US court dismisses suit against Saudi prince in killing

07 December 2022
US court dismisses suit against Saudi prince in killing

File photo


AP, WASHINGTON :

A U.S. federal judge on Tuesday dismissed a lawsuit against Saudi Crown Prince Mohammed bin Salman in the killing of U.S.-based journalist Jamal Khashoggi, bowing to the Biden administration’s insistence that the prince was legally immune in the case.


District of Columbia U.S. District Judge John D. Bates heeded the U.S. government’s motion to shield Prince Mohammed from the lawsuit despite what Bates called “credible allegations of his involvement in Khashoggi’s murder.”


A team of Saudi officials killed Khashoggi inside the Saudi consulate in Istanbul in 2018. Khashoggi, a columnist for The Washington Post, had written critically of the harsh ways of Prince Mohammed, Saudi Arabia’s de facto ruler.


The U.S. intelligence community concluded the Saudi crown prince ordered the operation against Khashoggi. The killing opened a rift between the Biden administration and Saudi Arabia that the administration has tried in recent months to close, as the U.S. unsuccessfully urged the kingdom to undo oil production cuts in a global market racked by the Ukraine war.


Khashoggi had entered the Saudi consulate to obtain documents needed for his upcoming marriage. His fiancee, Hatice Cengiz, who had waited unknowingly outside the consulate as he was killed, and a rights group founded by Khashoggi before he died brought the lawsuit. The lawsuit also named two top aides of the prince as accomplices.

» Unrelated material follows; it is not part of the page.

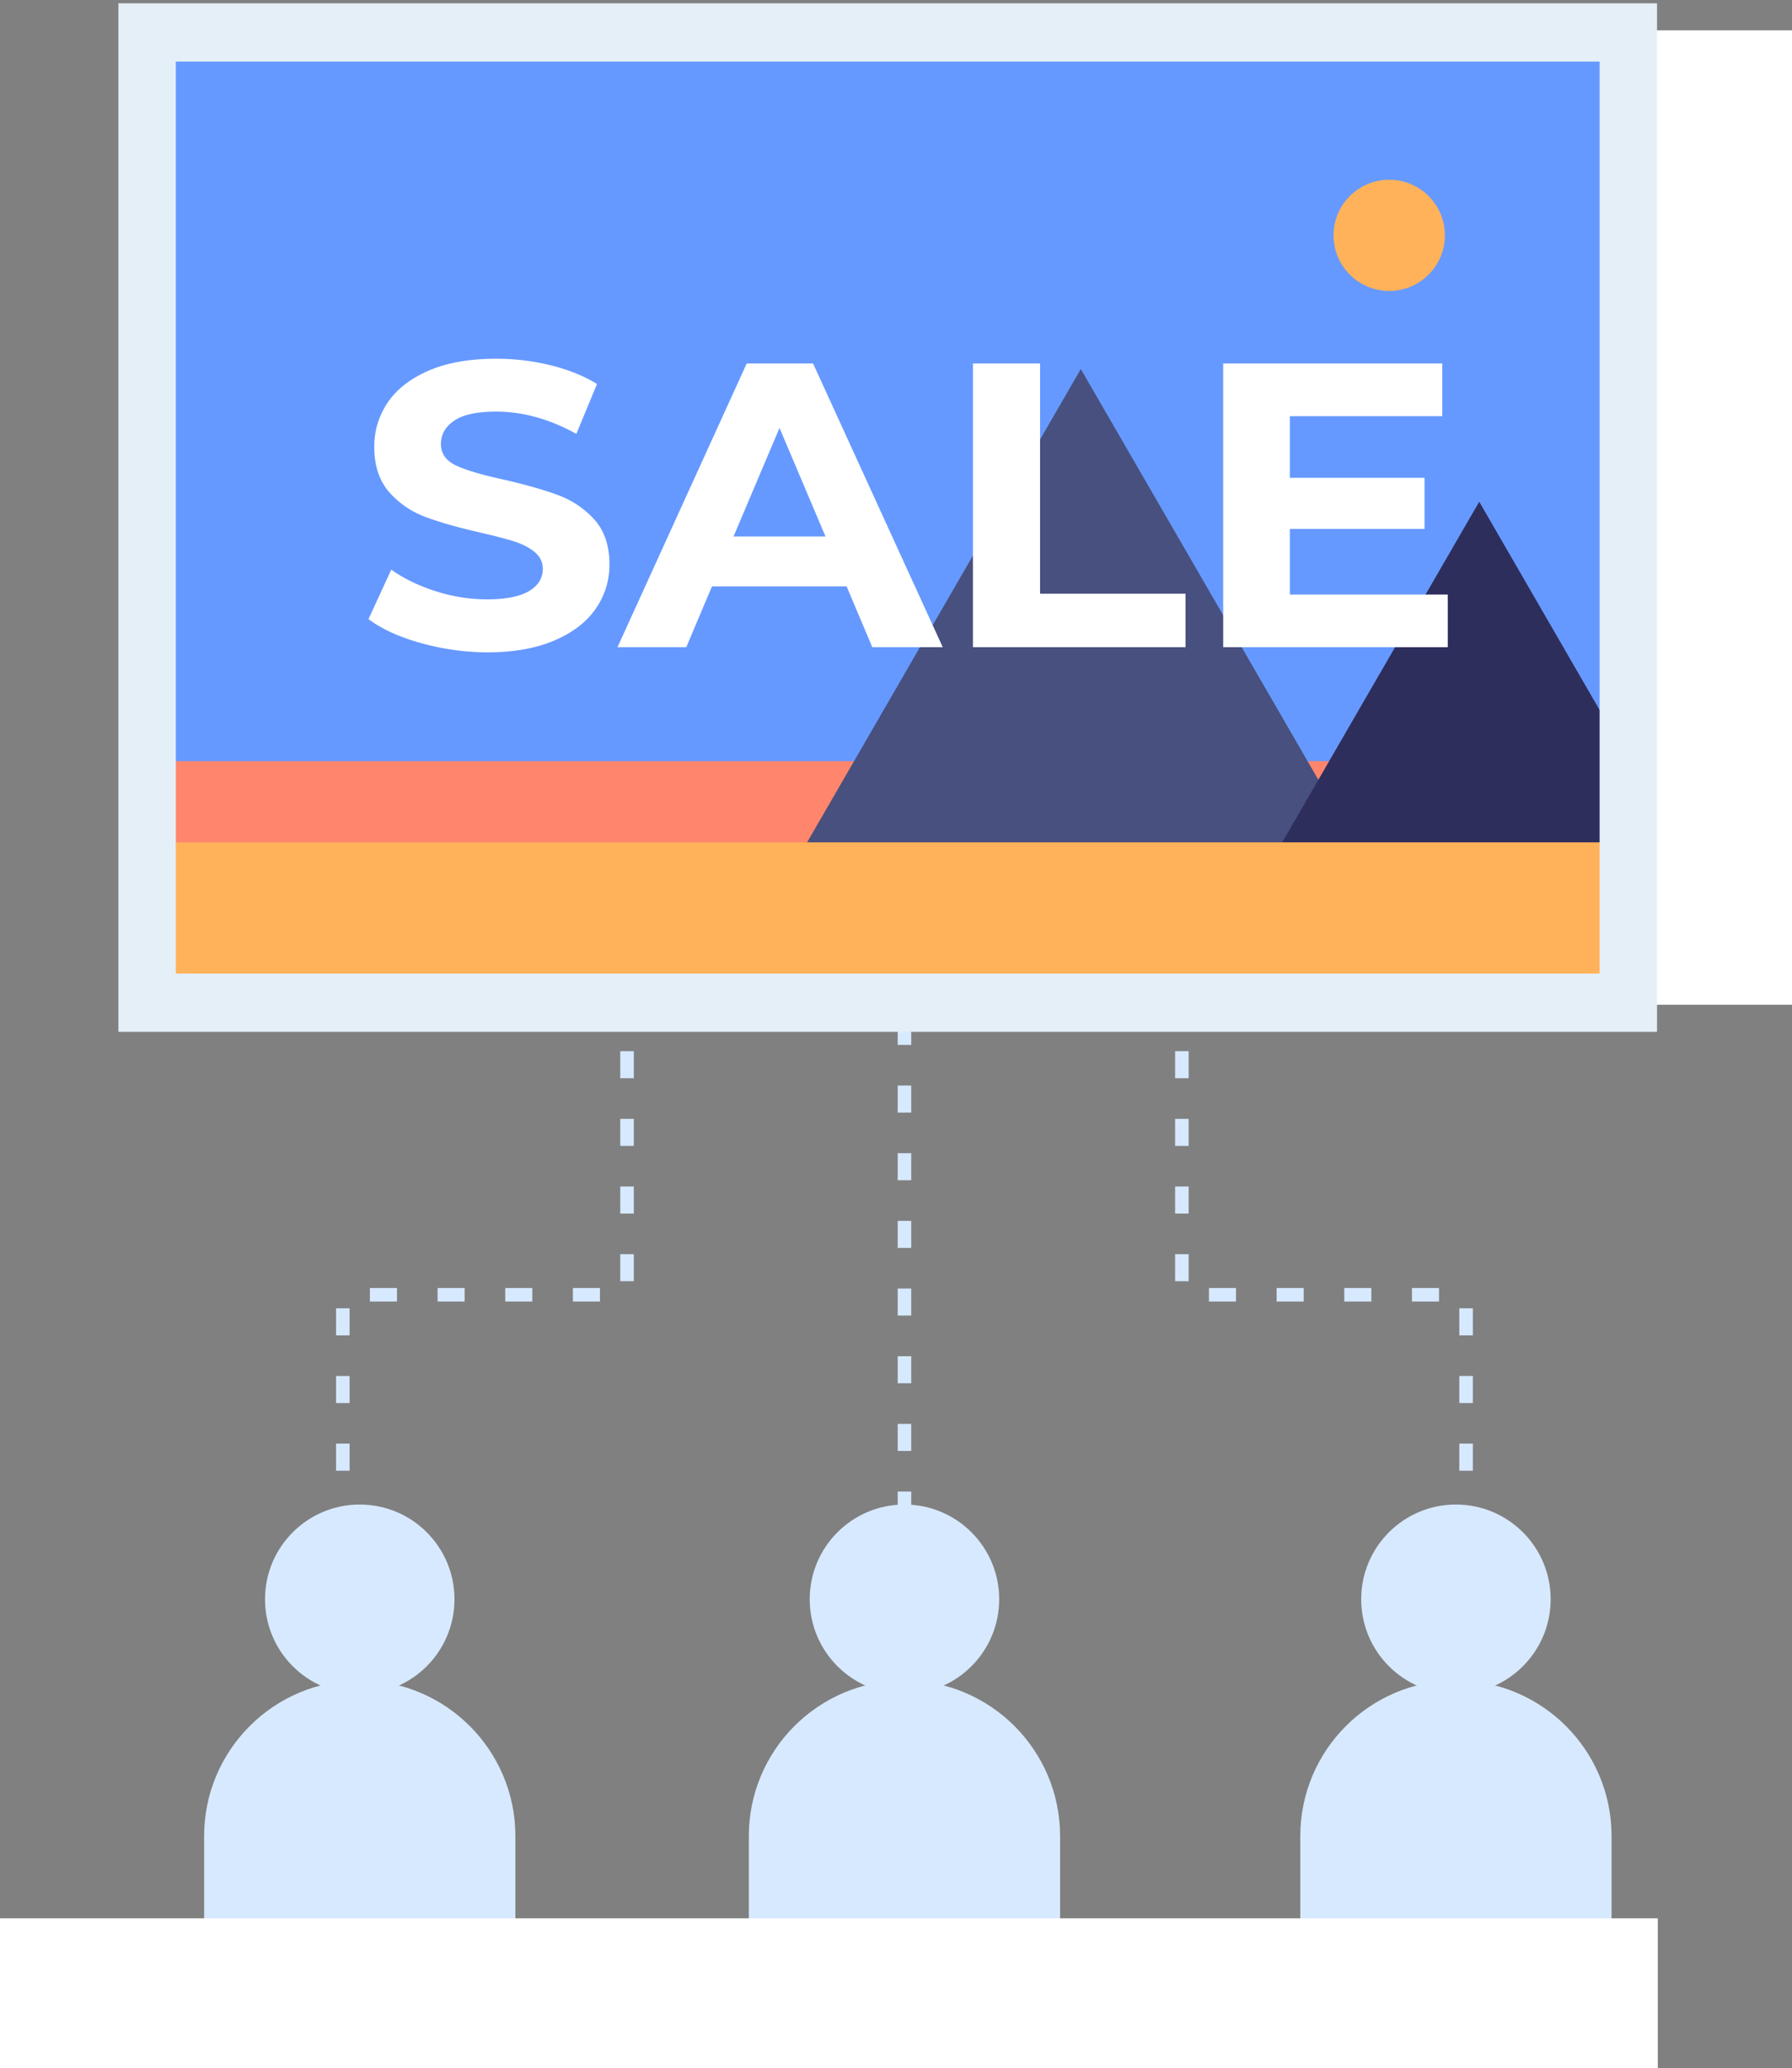 <svg width="227" height="262" xmlns="http://www.w3.org/2000/svg"><rect width="100%" height="100%" fill="#808080" stroke="none"/><g fill="none" fill-rule="evenodd"><g fill="#D7E9FF" fill-rule="nonzero"><g transform="translate(25 190.582)"><path d="M40.286 56.571H.857V42c0-10.886 8.829-19.714 19.714-19.714 10.886 0 19.715 8.828 19.715 19.714v14.571z"/><circle cx="20.571" cy="12" r="12"/></g><g transform="translate(163.857 190.582)"><path d="M40.286 56.571H.857V42c0-10.886 8.829-19.714 19.714-19.714 10.886 0 19.715 8.828 19.715 19.714v14.571z"/><circle cx="20.571" cy="12" r="12"/></g><path d="M115.429 218.08h-1.715v-3.429h1.715v3.429zm0-8.572h-1.715v-3.428h1.715v3.428zm0-8.571h-1.715v-3.429h1.715v3.429zm0-8.572h-1.715v-3.428h1.715v3.428zm0-8.571h-1.715v-3.429h1.715v3.429zm0-8.572h-1.715v-3.428h1.715v3.428zm0-8.571h-1.715v-3.429h1.715v3.429zm0-8.571h-1.715v-3.429h1.715v3.429zm0-8.572h-1.715v-3.428h1.715v3.428zm0-8.571h-1.715v-3.429h1.715v3.429zm0-8.572h-1.715v-3.428h1.715v3.428zm0-8.571h-1.715v-3.429h1.715v3.429zM44.286 236.011H42.57v-1.714h1.715v1.714zm0-6.857H42.57v-3.429h1.715v3.429zm0-8.572H42.57v-3.428h1.715v3.428zm0-8.571H42.57v-3.429h1.715v3.429zm0-8.571H42.57v-3.429h1.715v3.429zm0-8.572H42.57v-3.428h1.715v3.428zm0-8.571H42.57v-3.429h1.715v3.429zm0-8.572H42.57v-3.428h1.715v3.428zm0-8.571H42.57v-3.429h1.715v3.429zM76 164.868h-3.429v-1.714H76v1.714zm-8.571 0H64v-1.714h3.429v1.714zm-8.572 0H55.43v-1.714h3.428v1.714zm-8.571 0h-3.429v-1.714h3.429v1.714zm30-2.571H78.57v-3.429h1.715v3.429zm0-8.572H78.57v-3.428h1.715v3.428zm0-8.571H78.57v-3.429h1.715v3.429zm0-8.572H78.57v-3.428h1.715v3.428zm0-8.571H78.57v-3.429h1.715v3.429zm0-8.571H78.57v-3.429h1.715v3.429zM186.571 236.011h-1.714v-1.714h1.714v1.714zm0-6.857h-1.714v-3.429h1.714v3.429zm0-8.572h-1.714v-3.428h1.714v3.428zm0-8.571h-1.714v-3.429h1.714v3.429zm0-8.571h-1.714v-3.429h1.714v3.429zm0-8.572h-1.714v-3.428h1.714v3.428zm0-8.571h-1.714v-3.429h1.714v3.429zm0-8.572h-1.714v-3.428h1.714v3.428zm0-8.571h-1.714v-3.429h1.714v3.429zm-4.285-4.286h-3.429v-1.714h3.429v1.714zm-8.572 0h-3.428v-1.714h3.428v1.714zm-8.571 0h-3.429v-1.714h3.429v1.714zm-8.572 0h-3.428v-1.714h3.428v1.714zm-6-2.571h-1.714v-3.429h1.714v3.429zm0-8.572h-1.714v-3.428h1.714v3.428zm0-8.571h-1.714v-3.429h1.714v3.429zm0-8.572h-1.714v-3.428h1.714v3.428zm0-8.571h-1.714v-3.429h1.714v3.429zm0-8.571h-1.714v-3.429h1.714v3.429z"/><g transform="translate(94.571 190.582)"><path d="M39.714 56.571H.286V42C.286 31.114 9.114 22.286 20 22.286S39.714 31.114 39.714 42v14.571z"/><circle cx="20" cy="12" r="12"/></g></g><path fill="#69F" fill-rule="nonzero" d="M18.419 3.847h188.065v123.429H18.419z"/><path fill="#FF866C" fill-rule="nonzero" d="M18.419 96.418h188.065v18.857H18.419z"/><g transform="translate(94.645 22.703)" fill-rule="nonzero"><path fill="#47507E" d="M42.265 96.968H.093l21.086-36.46 21.086-36.46 21.086 36.46 21.086 36.46z"/><path fill="#2E2E5D" d="M92.737 96.968H60.284L76.5 68.91l16.236-28.058 16.217 28.058 16.236 28.058z"/><ellipse fill="#FFB259" cx="81.331" cy="7.109" rx="7.054" ry="7.043"/></g><path fill="#FFB259" fill-rule="nonzero" d="M18.419 106.704h188.065v18.857H18.419z"/><path fill="#FFF" fill-rule="nonzero" d="M227 127.274h-18.806V3.845H227z"/><path d="M209.903 130.703H15V.418h194.903v130.285zm-187.63-7.384H202.63V7.802H22.273v115.517z" fill="#E4EFF7" fill-rule="nonzero"/><g fill="#FFF" fill-rule="nonzero"><path d="M53.218 81.432c-2.712-.77-4.886-1.768-6.54-3.01l2.885-6.265c1.577 1.129 3.443 2.032 5.617 2.728a21.137 21.137 0 006.5 1.035c2.405 0 4.194-.358 5.348-1.054 1.154-.696 1.73-1.637 1.73-2.803 0-.866-.346-1.562-1.019-2.126-.673-.565-1.558-1.016-2.616-1.355-1.057-.338-2.52-.715-4.327-1.129-2.808-.64-5.097-1.298-6.867-1.956a11.374 11.374 0 01-4.597-3.123c-1.269-1.43-1.923-3.35-1.923-5.758 0-2.088.577-3.97 1.731-5.663 1.154-1.693 2.904-3.029 5.213-4.026 2.327-.997 5.173-1.486 8.52-1.486 2.347 0 4.635.282 6.867.827 2.23.546 4.193 1.336 5.885 2.371l-2.616 6.322c-3.385-1.882-6.79-2.823-10.174-2.823-2.385 0-4.136.377-5.27 1.13-1.135.752-1.712 1.75-1.712 2.972 0 1.223.654 2.145 1.962 2.747 1.308.602 3.308 1.185 6 1.768 2.79.64 5.098 1.299 6.867 1.957a11.61 11.61 0 014.597 3.086c1.27 1.41 1.923 3.311 1.923 5.7 0 2.051-.577 3.933-1.75 5.626-1.173 1.693-2.923 3.03-5.27 4.026-2.347.997-5.193 1.487-8.56 1.487a32.145 32.145 0 01-8.404-1.205zM107.246 74.283h-17.06l-3.251 7.695h-8.713L94.59 46.043h8.405l16.426 35.935h-8.925l-3.25-7.695zm-2.674-6.322l-5.828-13.753-5.828 13.753h11.656zM123.248 46.043h8.502v29.162h18.426v6.773h-26.928zM183.393 75.299v6.68h-28.447V46.042H182.7v6.679h-19.31v7.808h17.06v6.472h-17.06v8.316h20.003z"/></g><path fill="#FFF" d="M0 243h210v19H0z"/></g></svg>

The Biden administration, invited but not ordered by the judge to offer an opinion on the matter, declared last month that Prince Mohammed’s standing as Saudi Arabia’s prime minister gave him sovereign immunity from the U.S. lawsuit.


Saudi Arabia’s king, Salman, had named Prince Mohammed, his son, as prime minister weeks earlier. It was a temporary exemption from the kingdom’s governing code, which makes the king prime minister.


Khashoggi’s fiancee and his rights group argued the move was a maneuver to shield the prince from the U.S. court.


Bates expressed “uneasiness” with the circumstances of Prince Mohammed’s new title, and wrote in Tuesday’s order that “there is a strong argument that plaintiffs’ claims against bin Salman and the other defendants are meritorious.”


But the government’s finding that Prince Mohammed was immune left him no choice but to dismiss the prince as a plaintiff, the judge wrote. He also dismissed the two other Saudi plaintiffs, saying the U.S. court lacked jurisdiction over them.


The Biden administration argued longstanding legal precedent on immunity for heads of government from other nations’ courts, in some circumstances, demanded that the prince be shielded as prime minister, regardless of the prince only recently obtaining the title.


The Biden administration already had spared Prince Mohammed from government penalties in the case, again citing sovereign immunity. Rights groups and Saudi exiles argued that sparing Prince Mohammed from accountability in Khashoggi’s killing would give the crown prince and other authoritarian rulers around the world a green light for future abuses.